» Provided material:
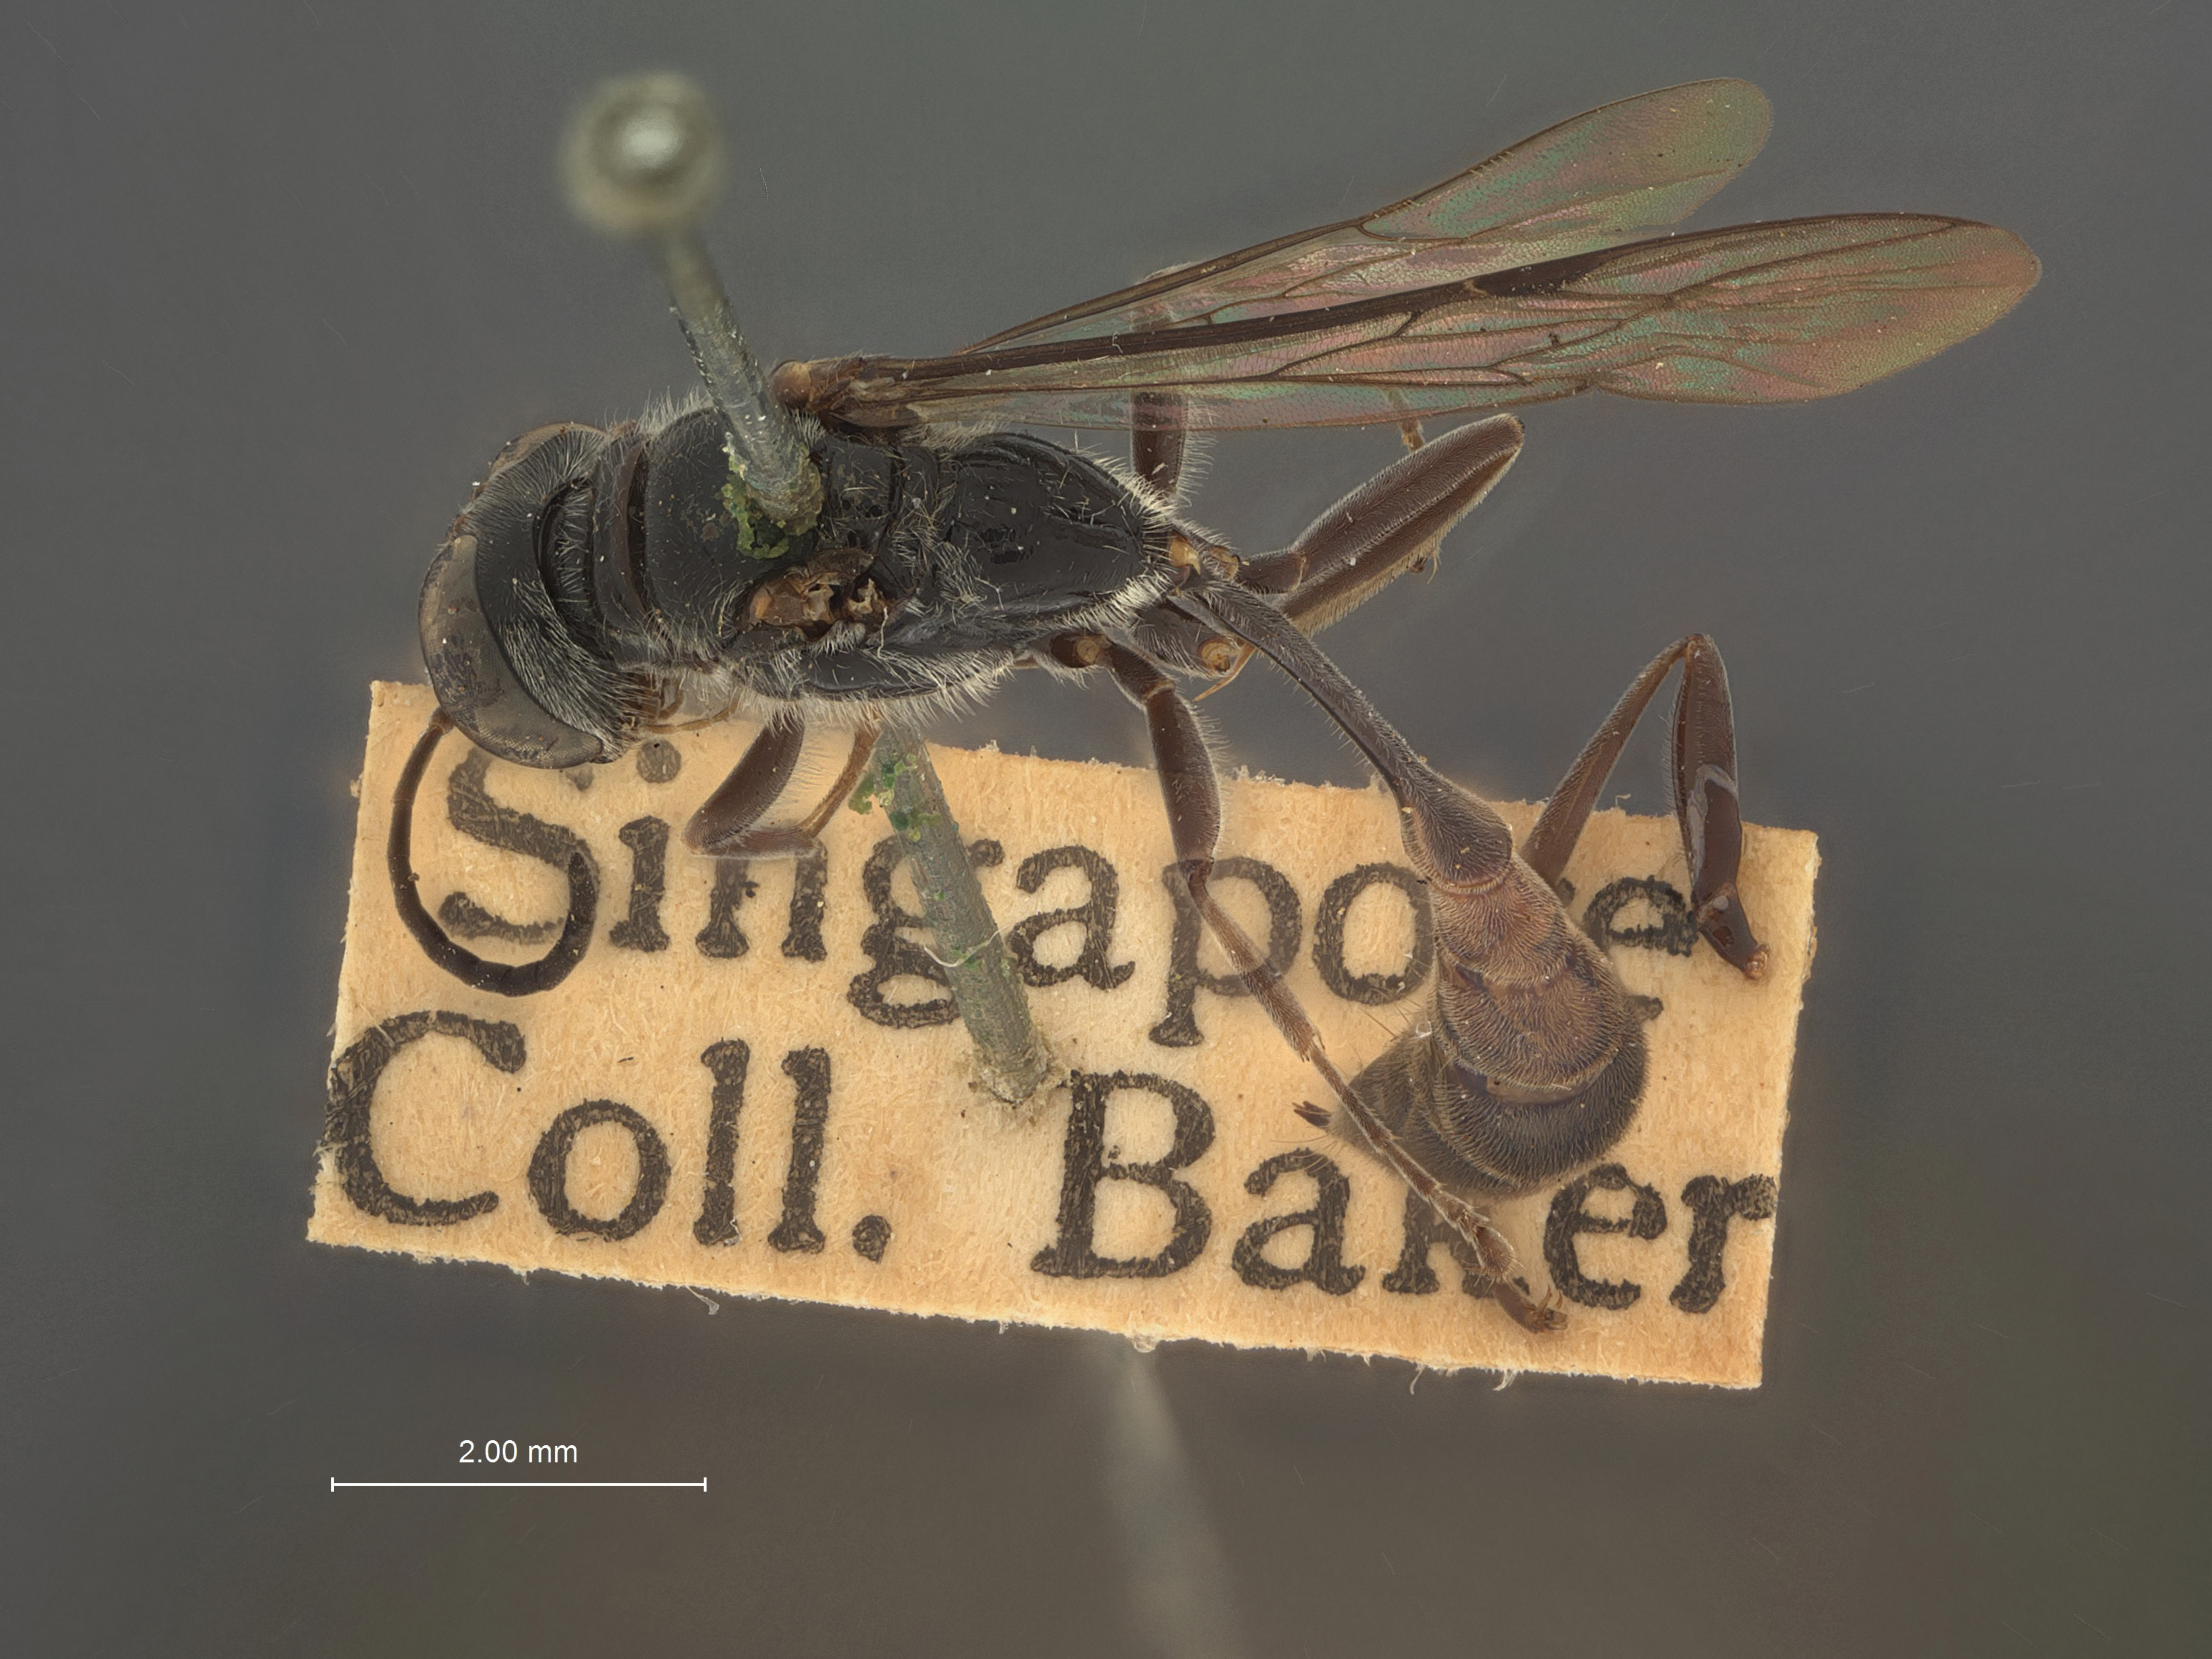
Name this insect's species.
Trypoxylon melanocorne
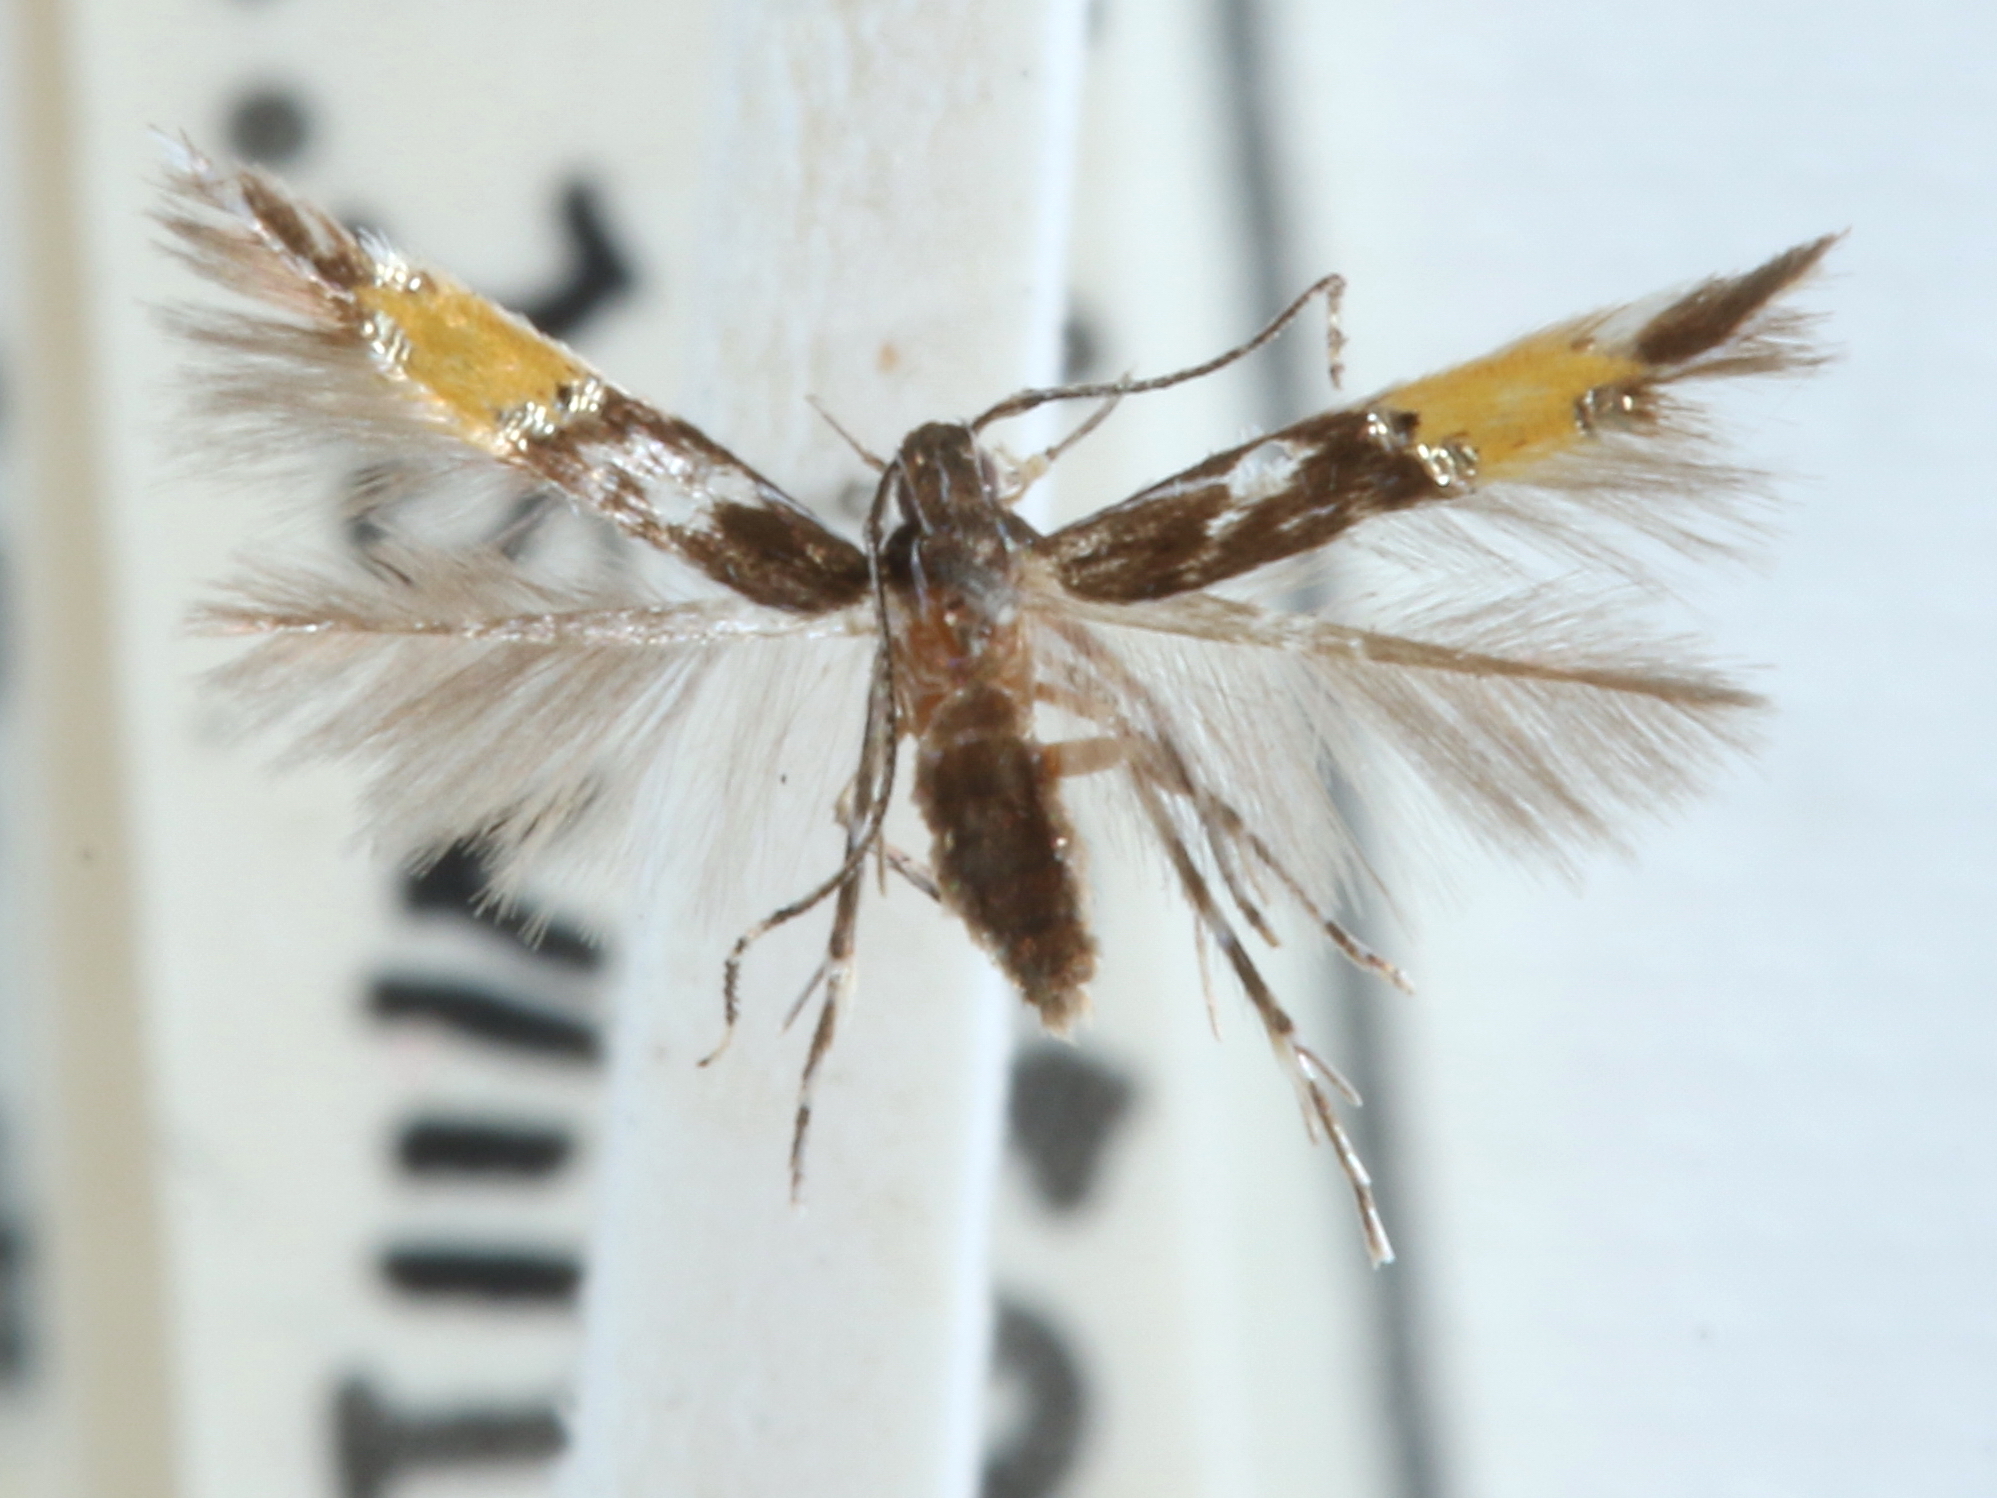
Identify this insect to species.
Cosmopterix magophila
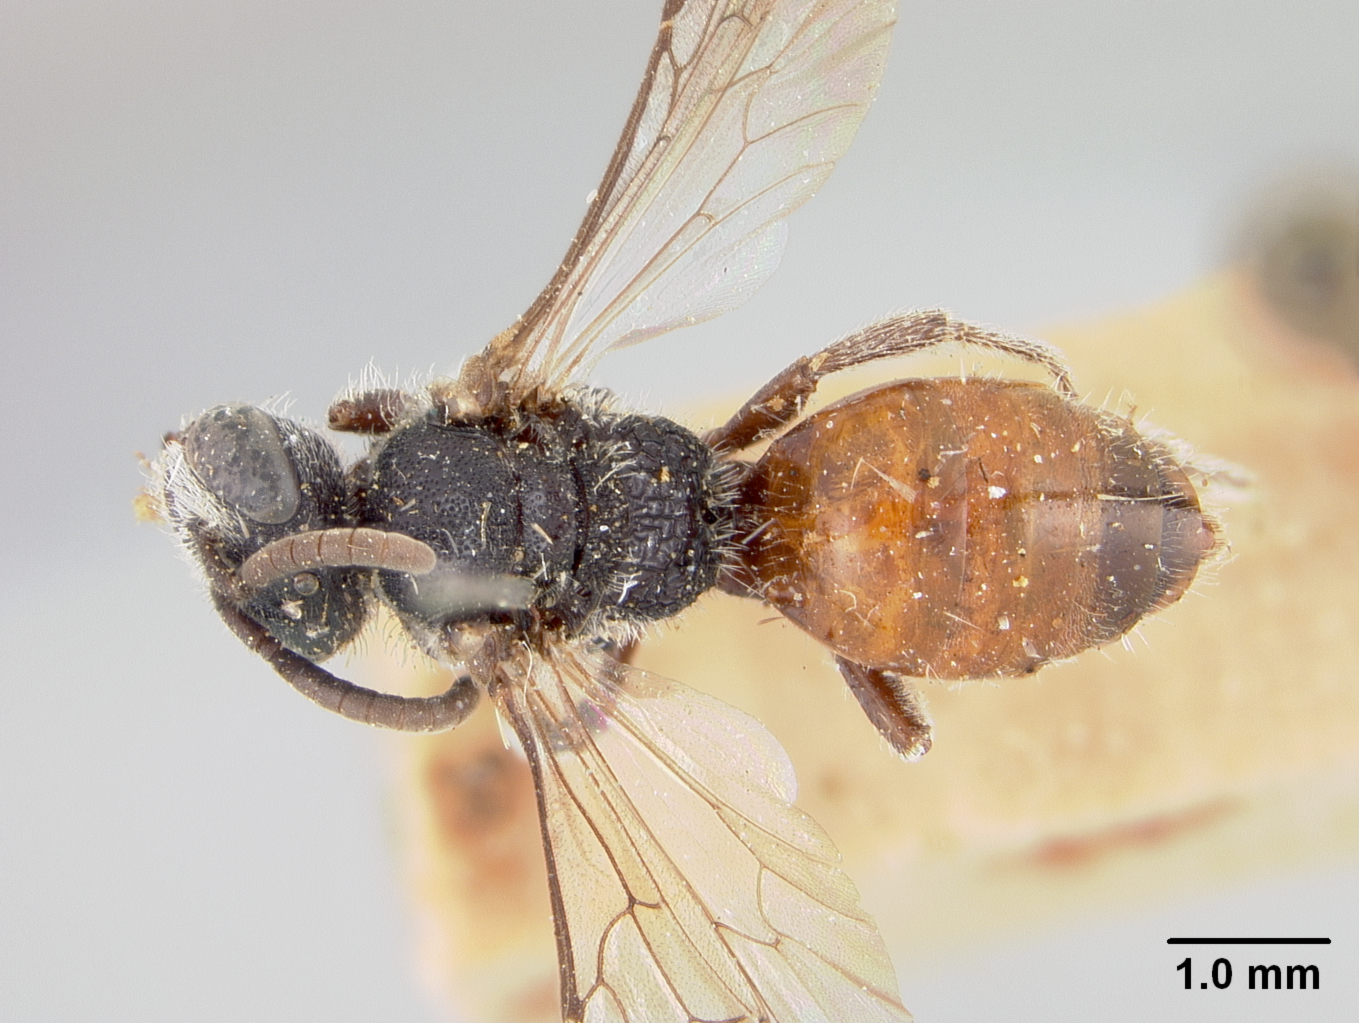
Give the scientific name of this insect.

» Task to carry out:
From the line containing "Identify this insect to species." to the end of the data above, give those lines again verbatim, with both endpoints included and no images.

» Response to the task:
Identify this insect to species.
Cosmopterix magophila
Give the scientific name of this insect.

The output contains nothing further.